Start of RECORDED INFORMATION

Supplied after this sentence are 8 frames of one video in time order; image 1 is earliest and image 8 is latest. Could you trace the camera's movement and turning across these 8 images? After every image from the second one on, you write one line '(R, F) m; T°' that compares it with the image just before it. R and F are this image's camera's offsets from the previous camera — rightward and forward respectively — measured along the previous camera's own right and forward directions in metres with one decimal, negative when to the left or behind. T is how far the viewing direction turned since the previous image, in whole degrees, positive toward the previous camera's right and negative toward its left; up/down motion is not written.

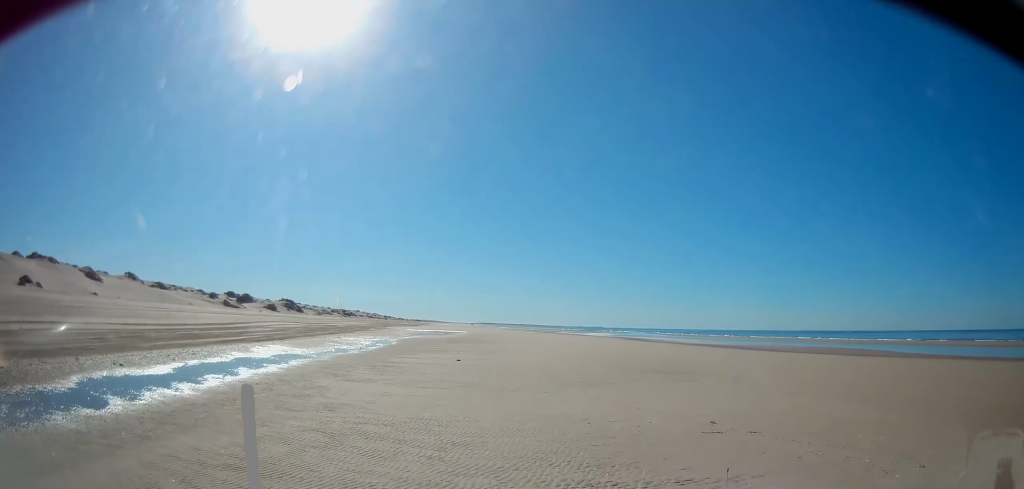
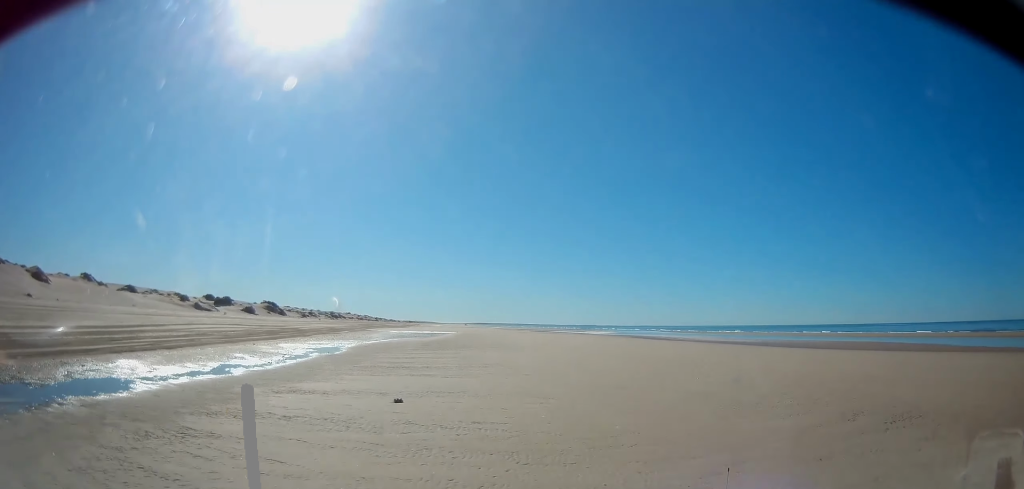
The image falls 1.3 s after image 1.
(-0.2, +17.6) m; -2°
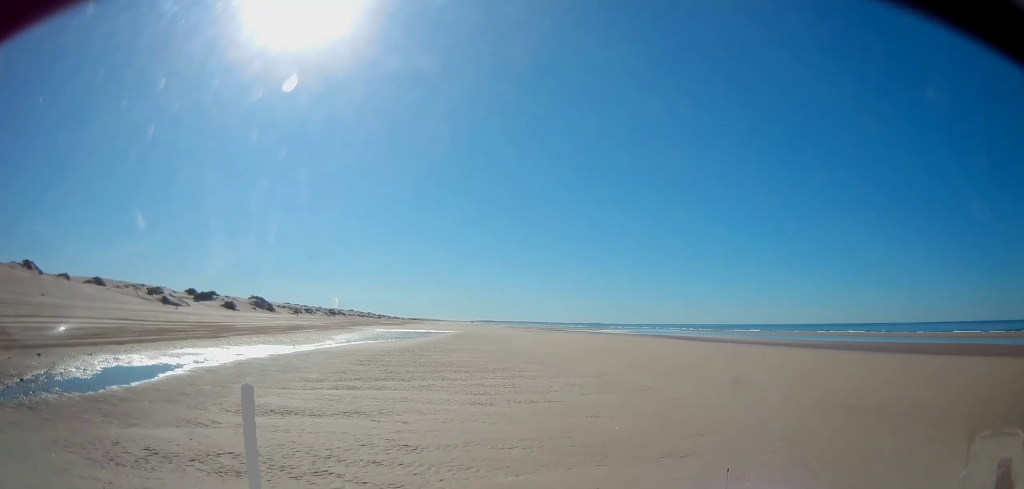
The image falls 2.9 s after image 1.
(+0.3, +24.5) m; +1°
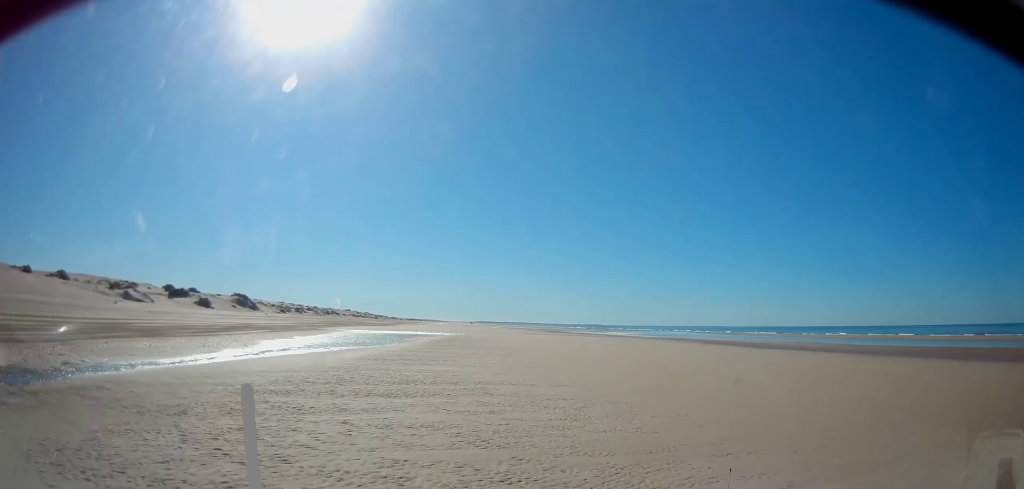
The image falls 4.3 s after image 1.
(-0.5, +20.7) m; +1°
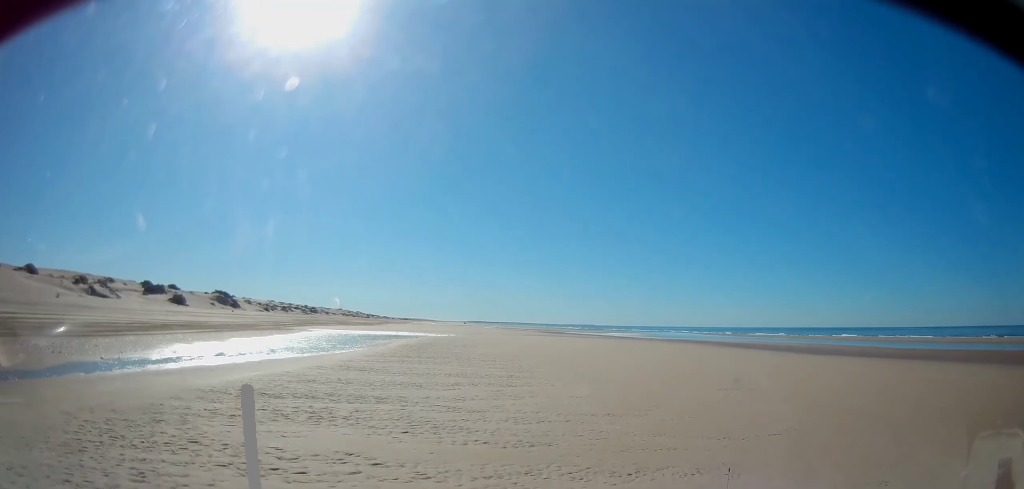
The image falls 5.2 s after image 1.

End of RECORDED INFORMATION

**INSTRUCTIONS FOR THE TASK:**
Output, word for word, the full listing above, with no pictures.

**EXPECTED ANSWER:**
Supplied after this sentence are 8 frames of one video in time order; image 1 is earliest and image 8 is latest. Could you trace the camera's movement and turning across these 8 images? After every image from the second one on, you write one line '(R, F) m; T°' that compares it with the image just before it. R and F are this image's camera's offsets from the previous camera — rightward and forward respectively — measured along the previous camera's own right and forward directions in metres with one decimal, negative when to the left or behind. T is how far the viewing direction turned since the previous image, in whole degrees, positive toward the previous camera's right and negative toward its left; up/down motion is not written.

The image falls 1.3 s after image 1.
(-0.2, +17.6) m; -2°
The image falls 2.9 s after image 1.
(+0.3, +24.5) m; +1°
The image falls 4.3 s after image 1.
(-0.5, +20.7) m; +1°
The image falls 5.2 s after image 1.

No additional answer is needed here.